--- RECORDS TO PROCESS ---

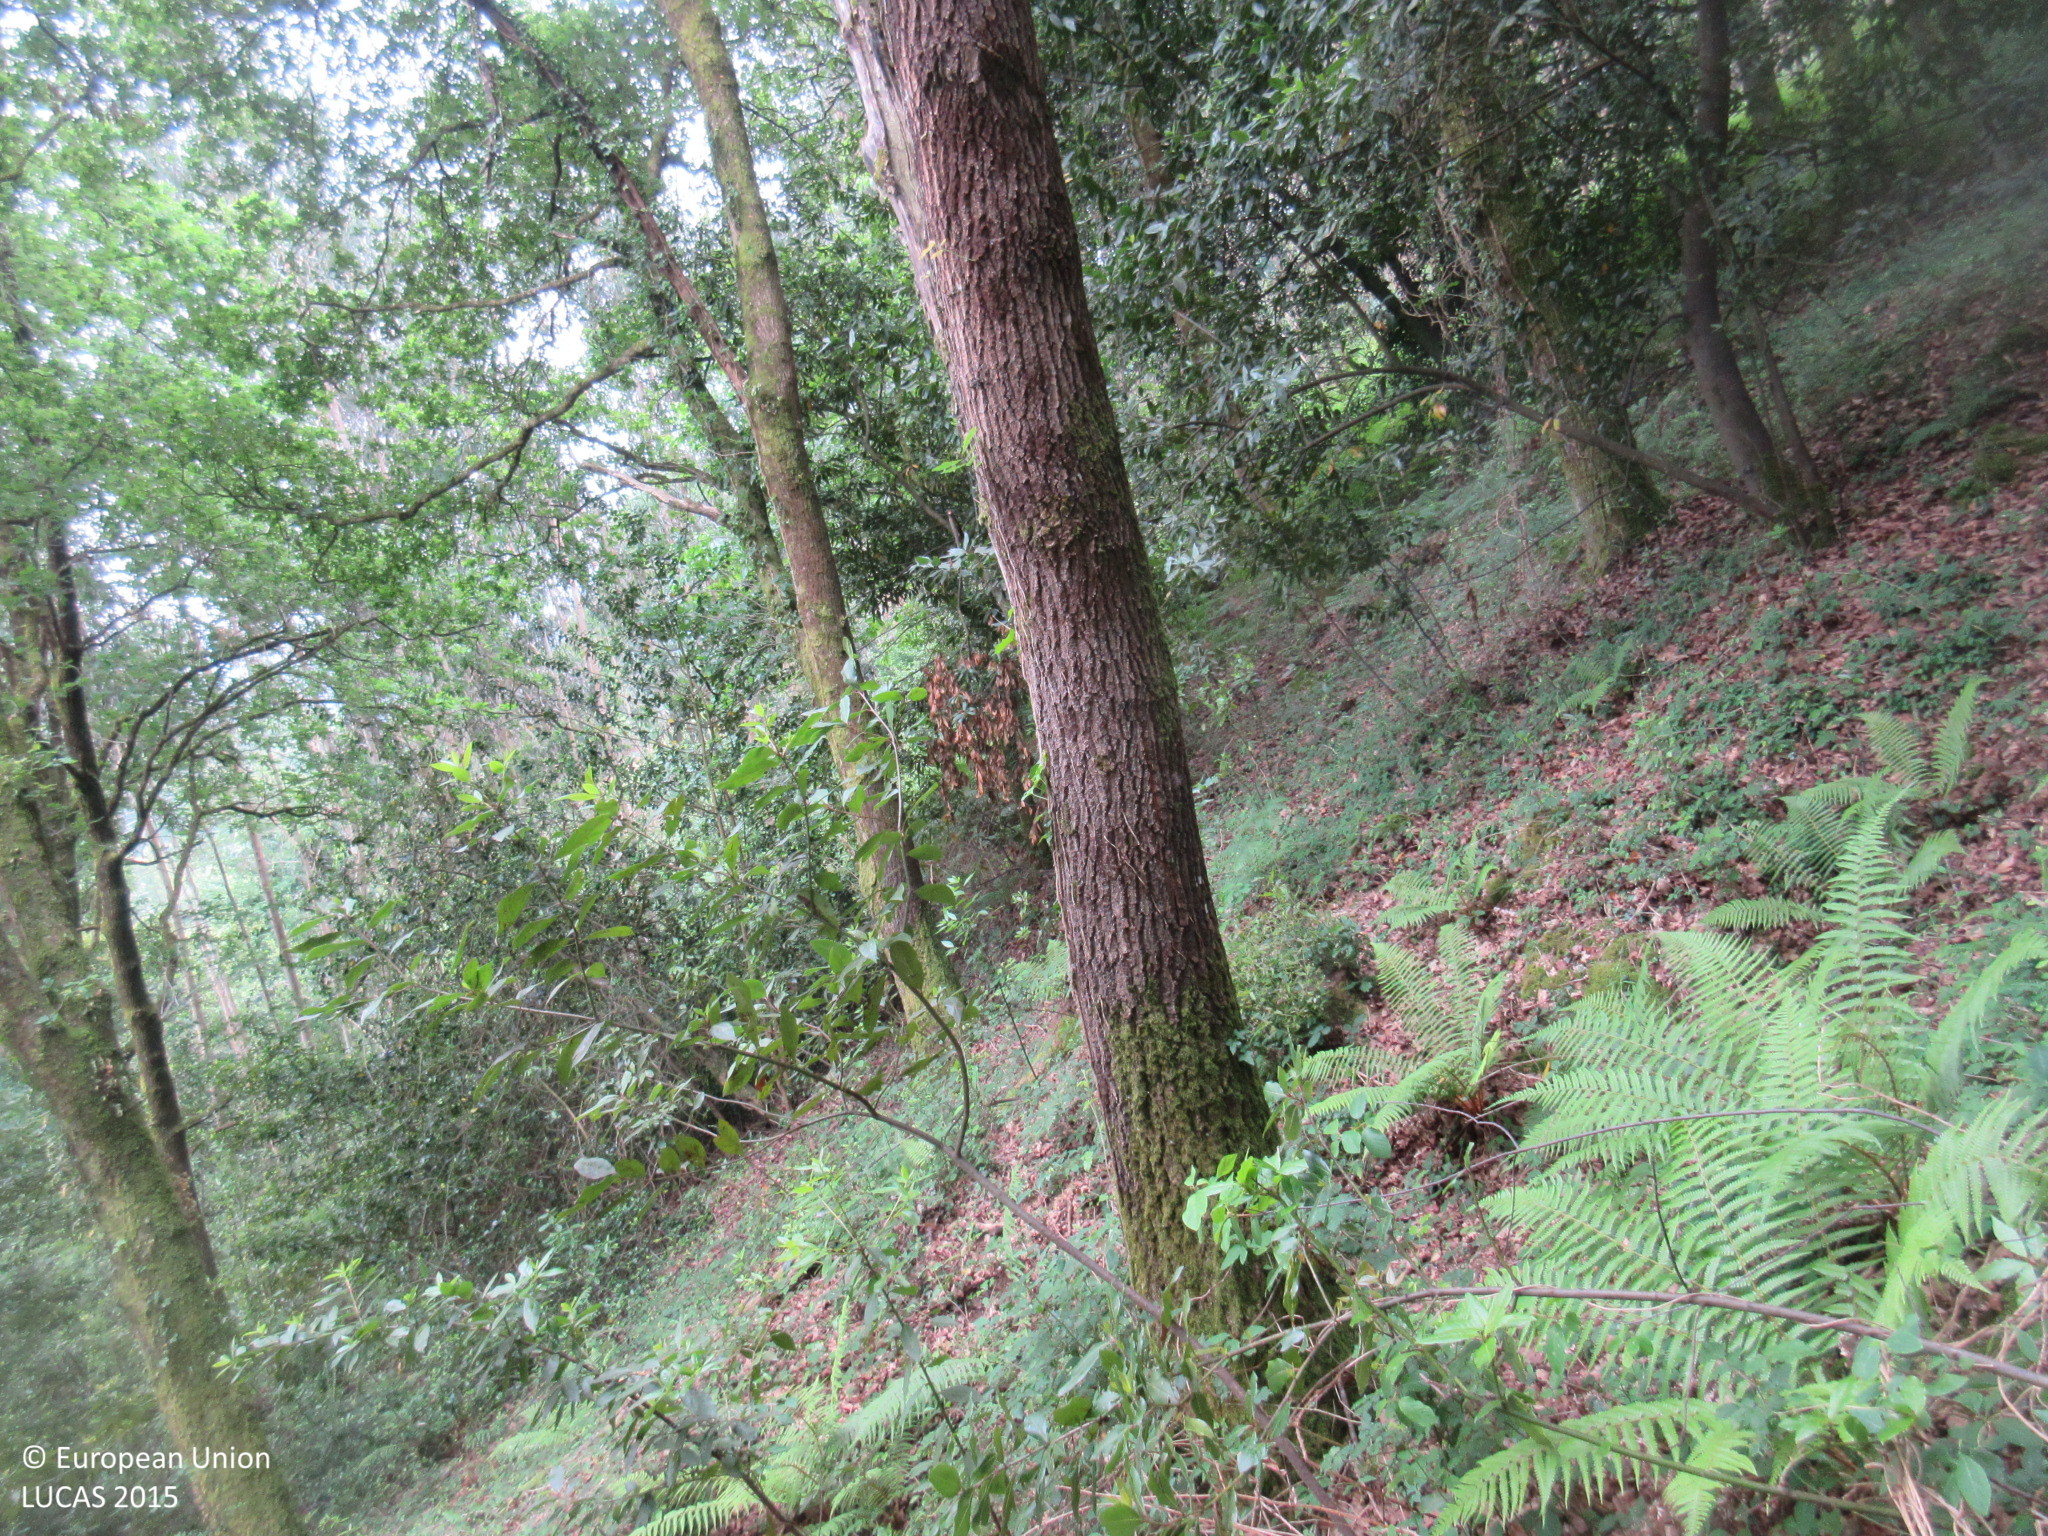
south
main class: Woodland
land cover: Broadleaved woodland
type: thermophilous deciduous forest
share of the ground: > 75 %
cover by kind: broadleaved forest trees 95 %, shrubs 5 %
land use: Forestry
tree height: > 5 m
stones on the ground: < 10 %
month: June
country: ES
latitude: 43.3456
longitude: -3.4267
...
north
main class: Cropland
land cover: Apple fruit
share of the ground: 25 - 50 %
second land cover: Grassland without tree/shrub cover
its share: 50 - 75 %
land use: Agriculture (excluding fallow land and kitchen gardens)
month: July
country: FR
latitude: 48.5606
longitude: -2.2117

--- WHAT TO DO ---
Above is a listing; print exactly its lines from the one with "stones on the ground: < 10 %" through the one with "longitude: -3.4267", and no other lines.

--- OUTPUT BELOW ---
stones on the ground: < 10 %
month: June
country: ES
latitude: 43.3456
longitude: -3.4267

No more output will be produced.